* _SUPPLIED ENTRIES_
= = = = = = =

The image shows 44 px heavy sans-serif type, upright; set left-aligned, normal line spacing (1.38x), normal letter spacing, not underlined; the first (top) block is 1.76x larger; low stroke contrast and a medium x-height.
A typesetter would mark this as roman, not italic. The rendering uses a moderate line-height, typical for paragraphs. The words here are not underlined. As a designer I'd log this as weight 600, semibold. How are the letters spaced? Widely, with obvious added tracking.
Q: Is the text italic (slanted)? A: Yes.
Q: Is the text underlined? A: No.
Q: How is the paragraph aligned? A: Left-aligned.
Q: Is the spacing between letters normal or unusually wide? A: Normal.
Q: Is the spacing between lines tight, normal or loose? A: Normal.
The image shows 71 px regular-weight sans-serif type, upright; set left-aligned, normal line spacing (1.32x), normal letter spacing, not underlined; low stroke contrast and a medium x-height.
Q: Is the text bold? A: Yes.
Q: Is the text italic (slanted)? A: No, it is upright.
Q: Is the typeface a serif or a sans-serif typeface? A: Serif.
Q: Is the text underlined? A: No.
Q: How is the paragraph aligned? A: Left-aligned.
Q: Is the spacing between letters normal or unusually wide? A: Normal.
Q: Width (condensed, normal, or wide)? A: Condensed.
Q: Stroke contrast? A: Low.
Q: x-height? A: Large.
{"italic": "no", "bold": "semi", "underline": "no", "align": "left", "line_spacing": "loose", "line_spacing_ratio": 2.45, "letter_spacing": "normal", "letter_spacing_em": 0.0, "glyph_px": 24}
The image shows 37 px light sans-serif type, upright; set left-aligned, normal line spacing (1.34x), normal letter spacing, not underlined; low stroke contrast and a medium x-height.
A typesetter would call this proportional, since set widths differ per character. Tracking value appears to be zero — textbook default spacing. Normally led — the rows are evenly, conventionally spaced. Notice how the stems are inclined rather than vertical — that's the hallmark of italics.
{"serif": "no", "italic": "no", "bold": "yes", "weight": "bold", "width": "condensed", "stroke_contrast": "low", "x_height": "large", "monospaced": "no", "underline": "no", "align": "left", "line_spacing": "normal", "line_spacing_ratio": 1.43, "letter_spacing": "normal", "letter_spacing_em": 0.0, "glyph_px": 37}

= = = = = = =

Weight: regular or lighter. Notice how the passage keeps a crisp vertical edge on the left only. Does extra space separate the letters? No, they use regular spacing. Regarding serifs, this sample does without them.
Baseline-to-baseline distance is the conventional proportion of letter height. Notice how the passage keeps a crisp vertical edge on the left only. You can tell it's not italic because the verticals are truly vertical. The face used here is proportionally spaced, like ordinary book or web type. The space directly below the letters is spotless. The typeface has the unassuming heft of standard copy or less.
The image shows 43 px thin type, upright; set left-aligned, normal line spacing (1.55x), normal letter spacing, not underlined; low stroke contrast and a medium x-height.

= = = = = = =

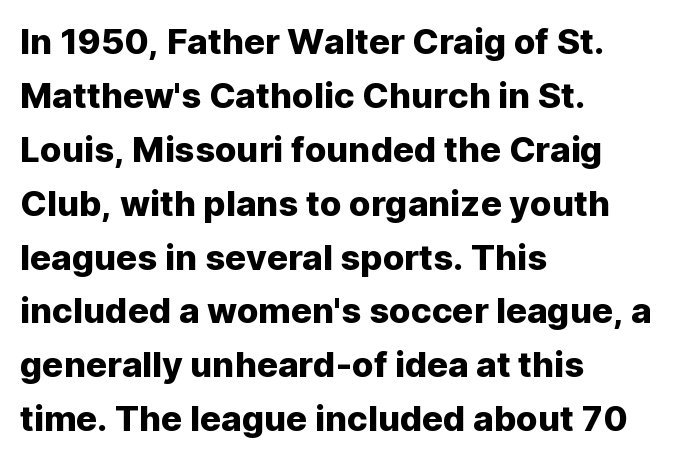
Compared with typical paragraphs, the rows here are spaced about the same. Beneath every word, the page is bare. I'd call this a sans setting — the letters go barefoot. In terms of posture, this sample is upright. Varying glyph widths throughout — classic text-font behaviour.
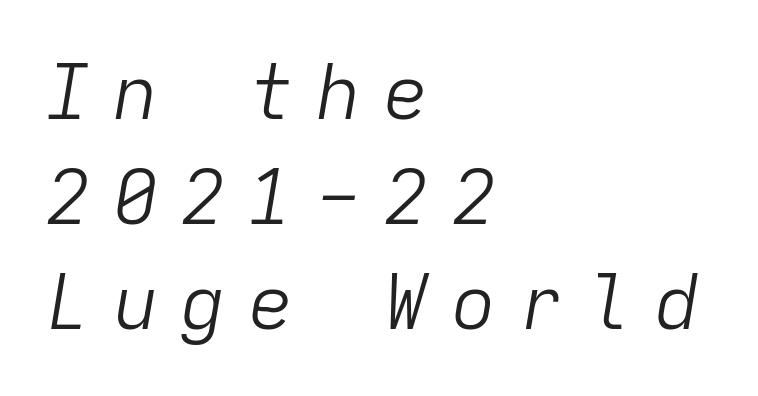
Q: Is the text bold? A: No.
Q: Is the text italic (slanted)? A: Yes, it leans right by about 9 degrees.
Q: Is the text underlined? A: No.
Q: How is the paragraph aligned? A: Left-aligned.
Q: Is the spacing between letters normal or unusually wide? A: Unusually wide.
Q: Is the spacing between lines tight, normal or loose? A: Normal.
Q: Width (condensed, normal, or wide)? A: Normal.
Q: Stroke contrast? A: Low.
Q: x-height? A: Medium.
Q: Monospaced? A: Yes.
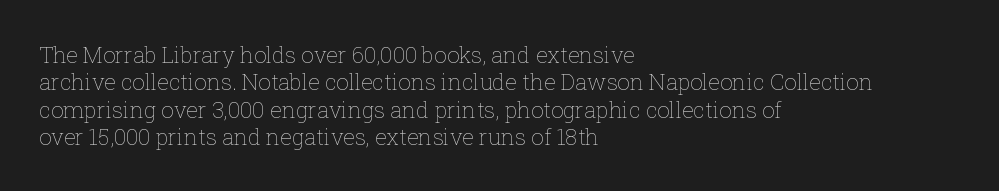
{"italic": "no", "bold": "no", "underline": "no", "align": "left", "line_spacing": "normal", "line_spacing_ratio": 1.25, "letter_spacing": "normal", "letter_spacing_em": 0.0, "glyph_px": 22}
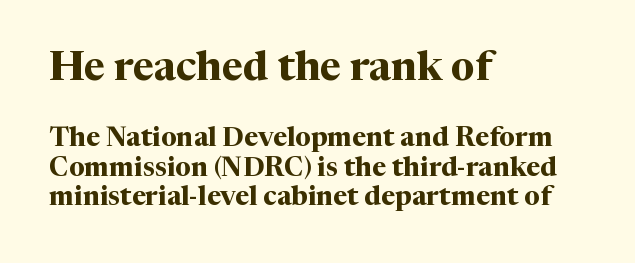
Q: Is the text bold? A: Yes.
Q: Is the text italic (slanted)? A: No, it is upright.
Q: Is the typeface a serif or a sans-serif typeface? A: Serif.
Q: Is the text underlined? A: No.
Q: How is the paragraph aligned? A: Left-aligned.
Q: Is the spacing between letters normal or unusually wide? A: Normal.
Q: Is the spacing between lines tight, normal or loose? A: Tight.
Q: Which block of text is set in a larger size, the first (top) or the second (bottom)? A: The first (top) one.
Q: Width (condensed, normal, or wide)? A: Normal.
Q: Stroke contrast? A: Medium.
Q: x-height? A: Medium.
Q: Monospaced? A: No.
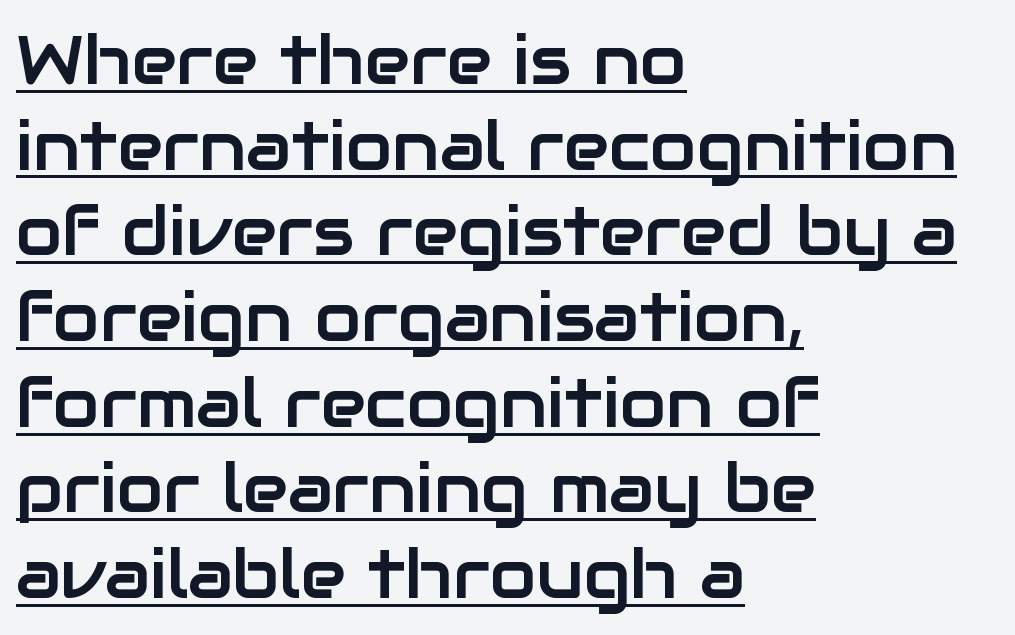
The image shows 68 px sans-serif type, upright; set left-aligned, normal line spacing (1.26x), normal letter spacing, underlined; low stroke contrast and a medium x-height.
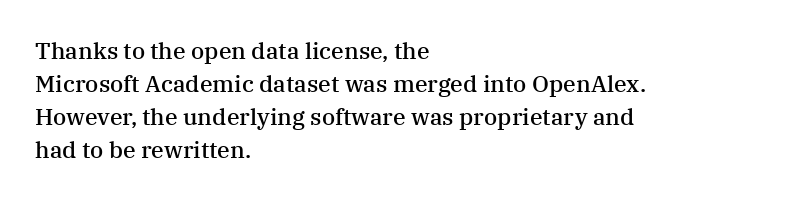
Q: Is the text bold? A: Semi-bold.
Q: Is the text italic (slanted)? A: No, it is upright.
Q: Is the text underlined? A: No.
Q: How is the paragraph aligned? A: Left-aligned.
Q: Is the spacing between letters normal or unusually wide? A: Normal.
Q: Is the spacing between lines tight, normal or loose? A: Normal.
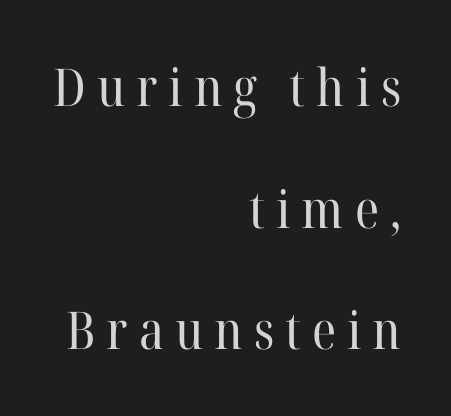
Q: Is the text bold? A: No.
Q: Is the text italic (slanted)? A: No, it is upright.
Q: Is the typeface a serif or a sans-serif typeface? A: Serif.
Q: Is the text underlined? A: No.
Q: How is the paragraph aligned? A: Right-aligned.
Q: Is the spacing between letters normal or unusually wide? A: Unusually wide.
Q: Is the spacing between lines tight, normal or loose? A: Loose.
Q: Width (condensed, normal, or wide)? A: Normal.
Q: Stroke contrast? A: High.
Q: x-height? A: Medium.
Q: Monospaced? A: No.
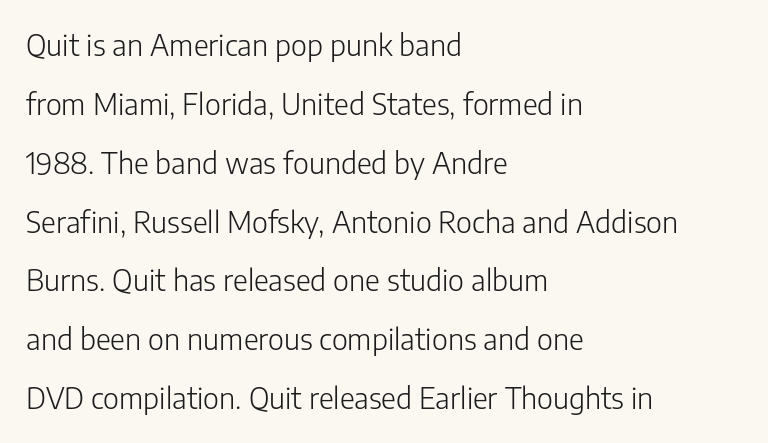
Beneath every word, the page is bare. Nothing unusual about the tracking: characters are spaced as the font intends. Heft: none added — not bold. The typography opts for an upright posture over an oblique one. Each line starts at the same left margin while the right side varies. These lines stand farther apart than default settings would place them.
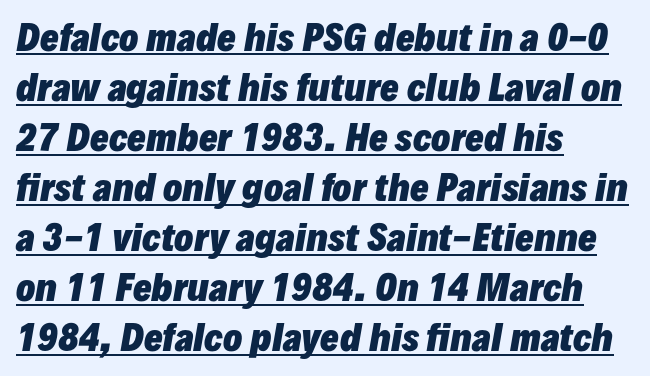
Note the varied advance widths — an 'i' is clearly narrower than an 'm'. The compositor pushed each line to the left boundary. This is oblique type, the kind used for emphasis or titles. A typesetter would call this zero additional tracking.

= = = = = = =

* _WHAT IS BEING ASKED_
The answer is every line in the data where the word "sans" appears.

* _TASK RESULT_
The image shows 44 px heavy sans-serif type, upright; set left-aligned, normal line spacing (1.38x), normal letter spacing, not underlined; the first (top) block is 1.76x larger; low stroke contrast and a medium x-height.
The image shows 71 px regular-weight sans-serif type, upright; set left-aligned, normal line spacing (1.32x), normal letter spacing, not underlined; low stroke contrast and a medium x-height.
Q: Is the typeface a serif or a sans-serif typeface? A: Serif.
The image shows 37 px light sans-serif type, upright; set left-aligned, normal line spacing (1.34x), normal letter spacing, not underlined; low stroke contrast and a medium x-height.
Compared with typical paragraphs, the rows here are spaced about the same. Beneath every word, the page is bare. I'd call this a sans setting — the letters go barefoot. In terms of posture, this sample is upright. Varying glyph widths throughout — classic text-font behaviour.
Q: Is the typeface a serif or a sans-serif typeface? A: Serif.
The image shows 68 px sans-serif type, upright; set left-aligned, normal line spacing (1.26x), normal letter spacing, underlined; low stroke contrast and a medium x-height.
Q: Is the typeface a serif or a sans-serif typeface? A: Serif.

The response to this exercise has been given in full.